Provided records =

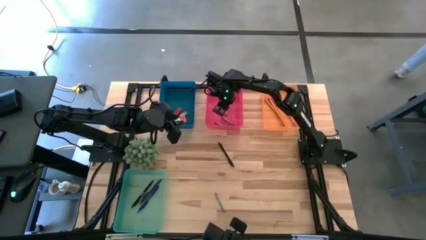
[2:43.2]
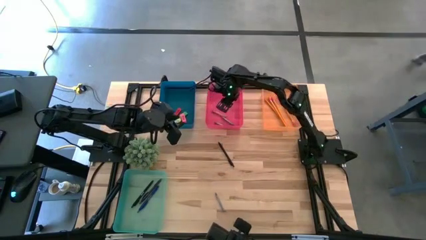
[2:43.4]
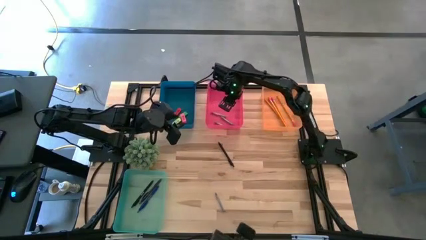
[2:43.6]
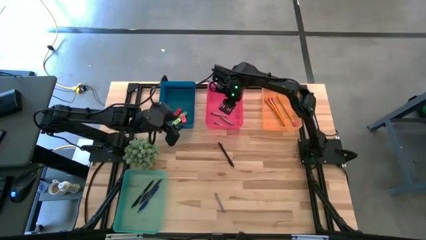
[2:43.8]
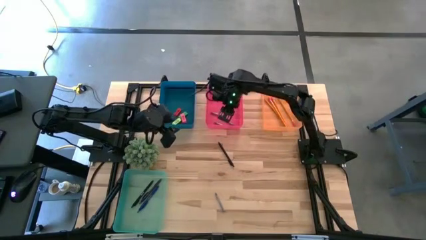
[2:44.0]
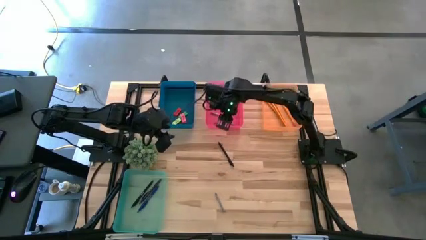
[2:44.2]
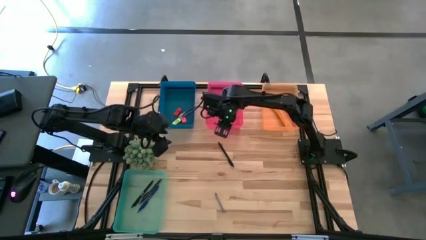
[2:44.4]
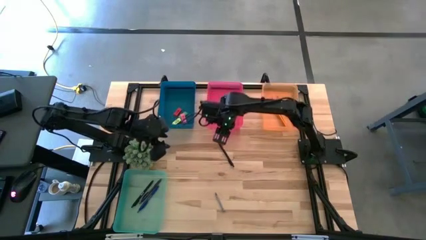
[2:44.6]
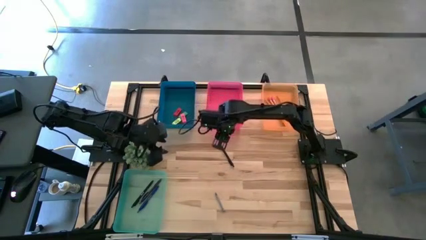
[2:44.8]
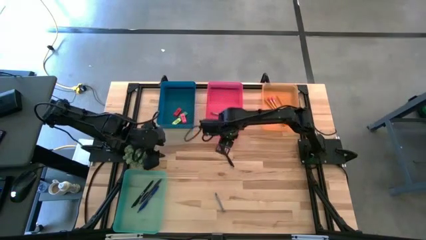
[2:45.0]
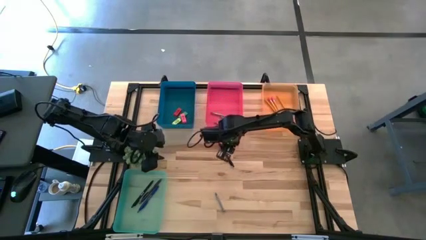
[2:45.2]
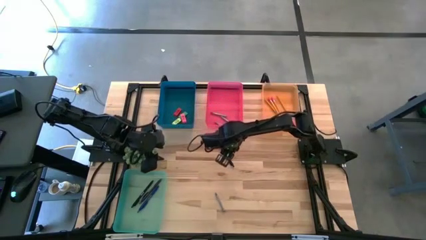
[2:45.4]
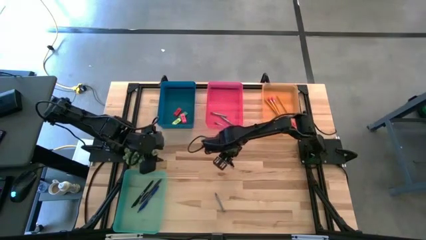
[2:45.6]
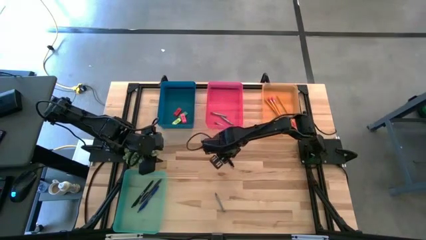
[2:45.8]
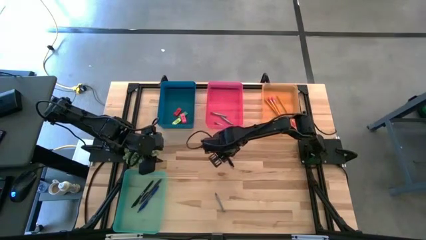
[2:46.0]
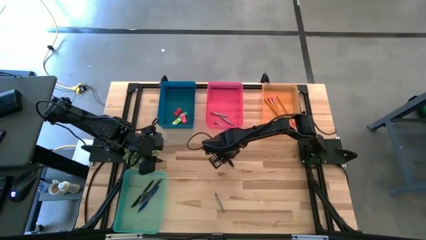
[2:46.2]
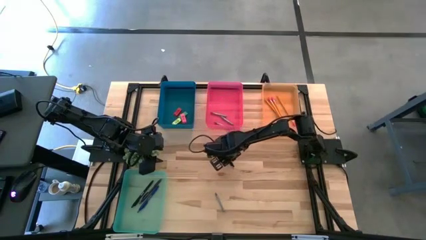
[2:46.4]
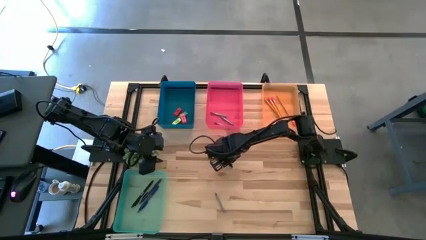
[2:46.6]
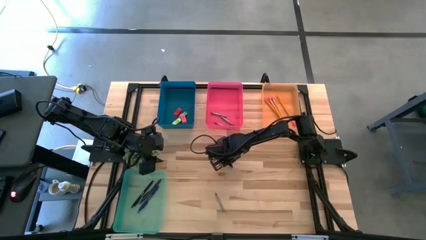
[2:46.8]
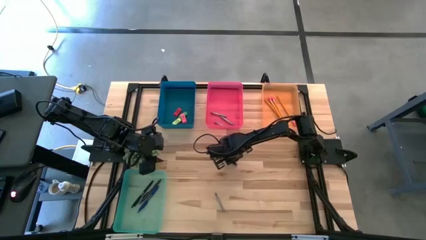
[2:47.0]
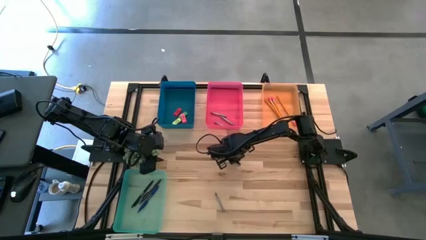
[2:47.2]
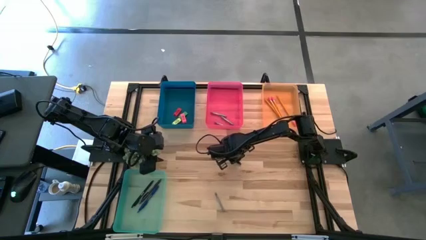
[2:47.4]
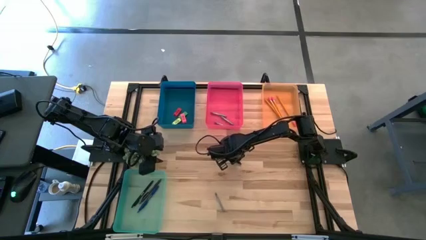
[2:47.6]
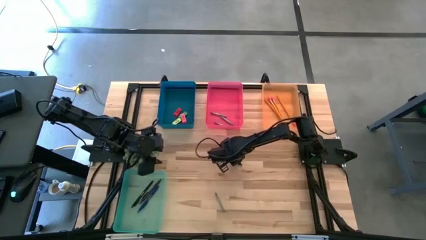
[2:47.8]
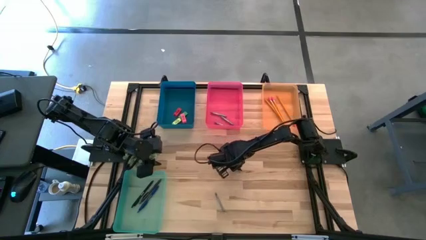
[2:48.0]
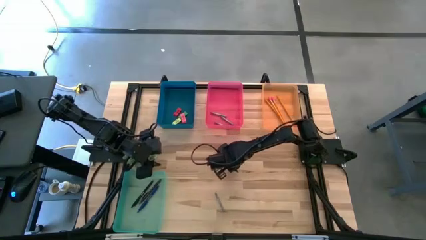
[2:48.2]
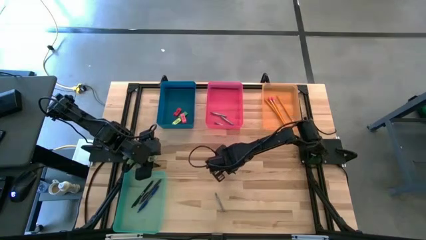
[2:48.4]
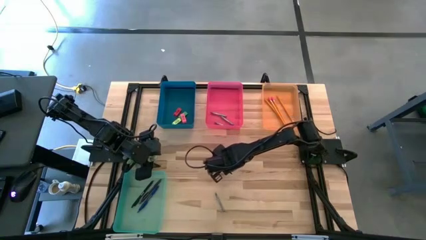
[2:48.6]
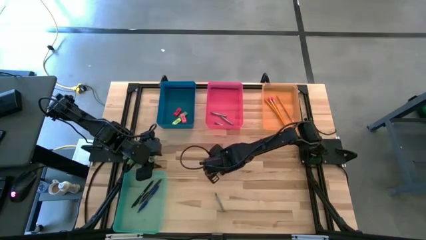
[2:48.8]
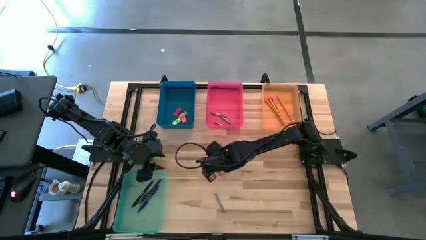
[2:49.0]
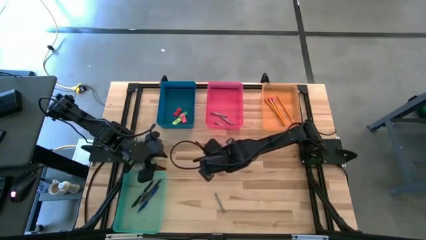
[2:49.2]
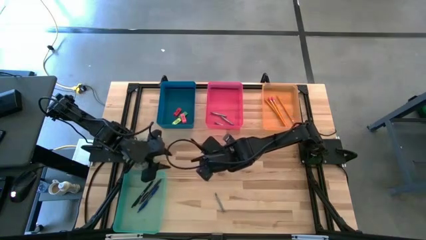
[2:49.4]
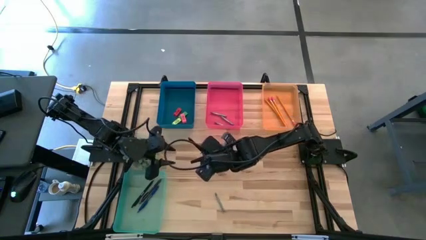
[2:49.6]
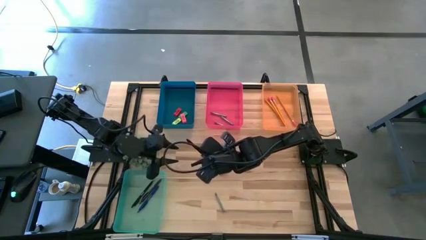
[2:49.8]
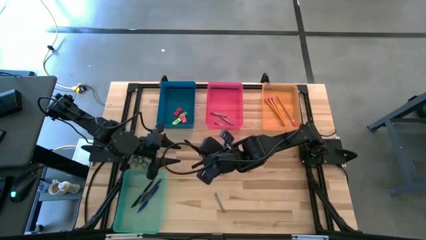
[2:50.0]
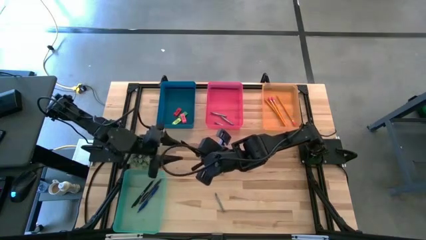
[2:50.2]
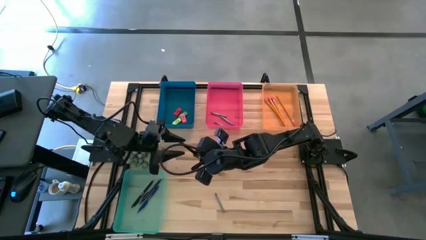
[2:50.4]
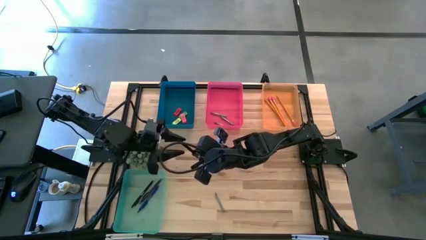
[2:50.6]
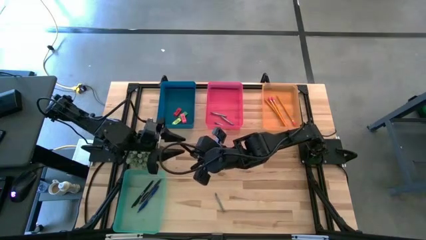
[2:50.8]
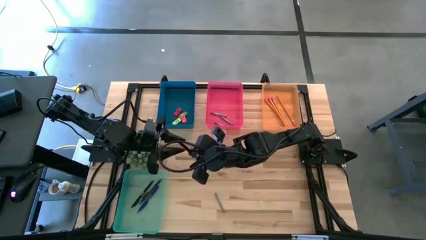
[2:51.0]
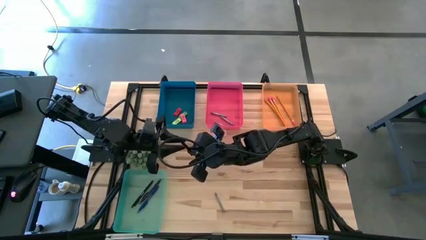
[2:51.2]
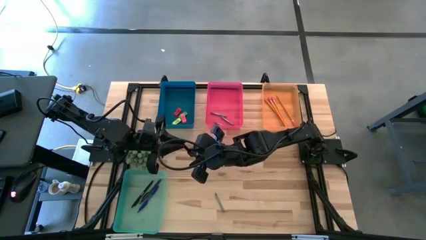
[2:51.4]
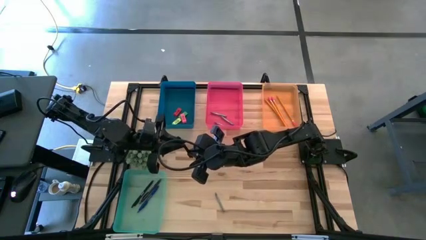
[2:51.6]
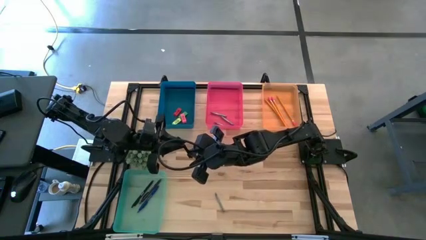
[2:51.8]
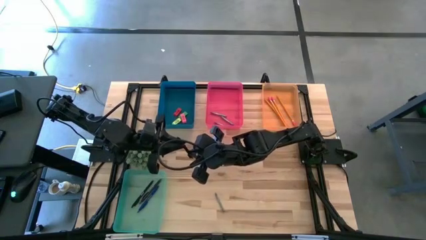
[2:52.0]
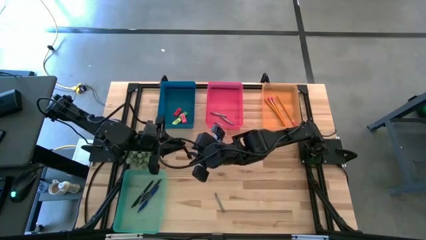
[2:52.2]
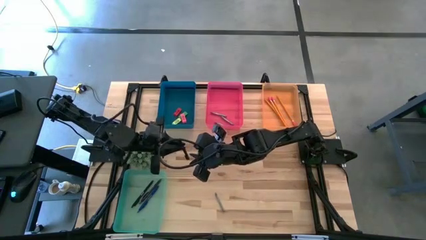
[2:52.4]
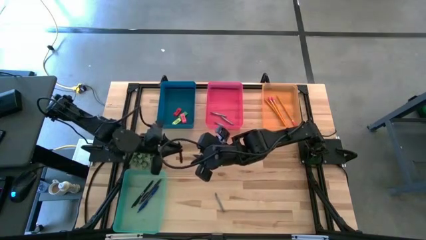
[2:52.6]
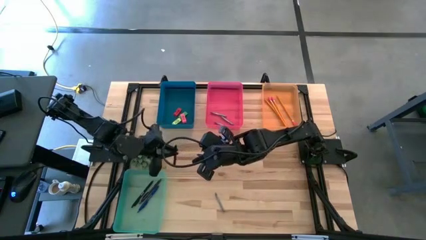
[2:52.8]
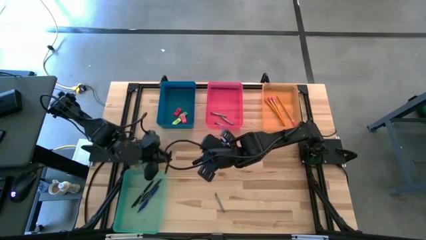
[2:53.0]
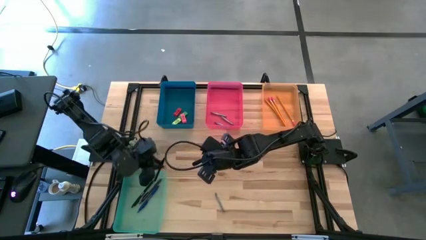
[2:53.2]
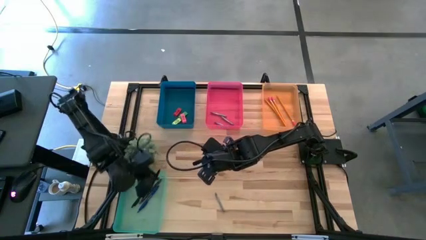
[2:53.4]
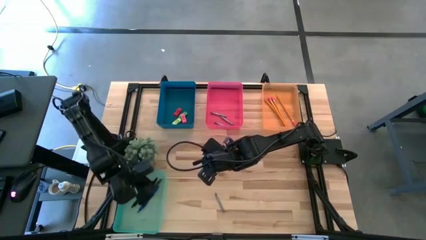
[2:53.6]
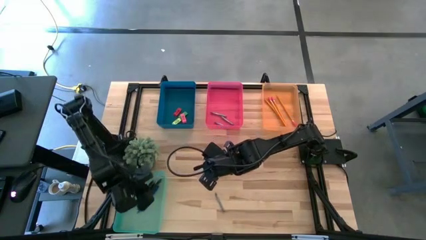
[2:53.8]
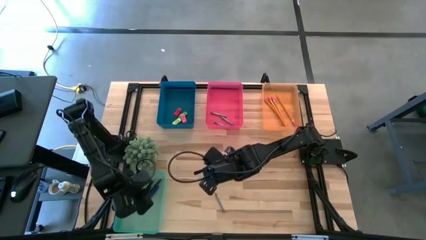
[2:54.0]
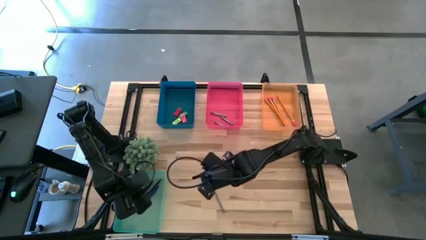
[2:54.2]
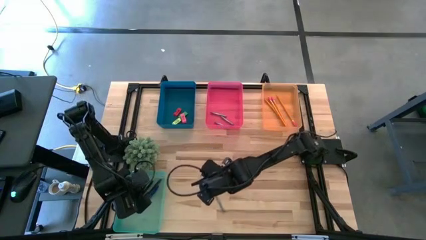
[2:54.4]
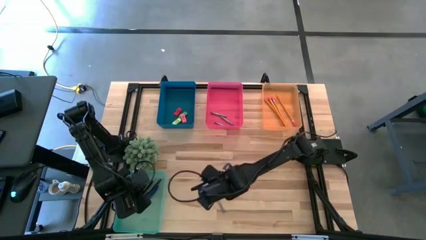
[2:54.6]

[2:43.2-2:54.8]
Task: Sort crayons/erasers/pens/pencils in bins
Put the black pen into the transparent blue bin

Task instructions = Repeat the data above exactly, leaving out any pictures it holds.

Task solution =
[2:43.2]
[2:43.4]
[2:43.6]
[2:43.8]
[2:44.0]
[2:44.2]
[2:44.4]
[2:44.6]
[2:44.8]
[2:45.0]
[2:45.2]
[2:45.4]
[2:45.6]
[2:45.8]
[2:46.0]
[2:46.2]
[2:46.4]
[2:46.6]
[2:46.8]
[2:47.0]
[2:47.2]
[2:47.4]
[2:47.6]
[2:47.8]
[2:48.0]
[2:48.2]
[2:48.4]
[2:48.6]
[2:48.8]
[2:49.0]
[2:49.2]
[2:49.4]
[2:49.6]
[2:49.8]
[2:50.0]
[2:50.2]
[2:50.4]
[2:50.6]
[2:50.8]
[2:51.0]
[2:51.2]
[2:51.4]
[2:51.6]
[2:51.8]
[2:52.0]
[2:52.2]
[2:52.4]
[2:52.6]
[2:52.8]
[2:53.0]
[2:53.2]
[2:53.4]
[2:53.6]
[2:53.8]
[2:54.0]
[2:54.2]
[2:54.4]
[2:54.6]

[2:43.2-2:54.8]
Task: Sort crayons/erasers/pens/pencils in bins
Put the black pen into the transparent blue bin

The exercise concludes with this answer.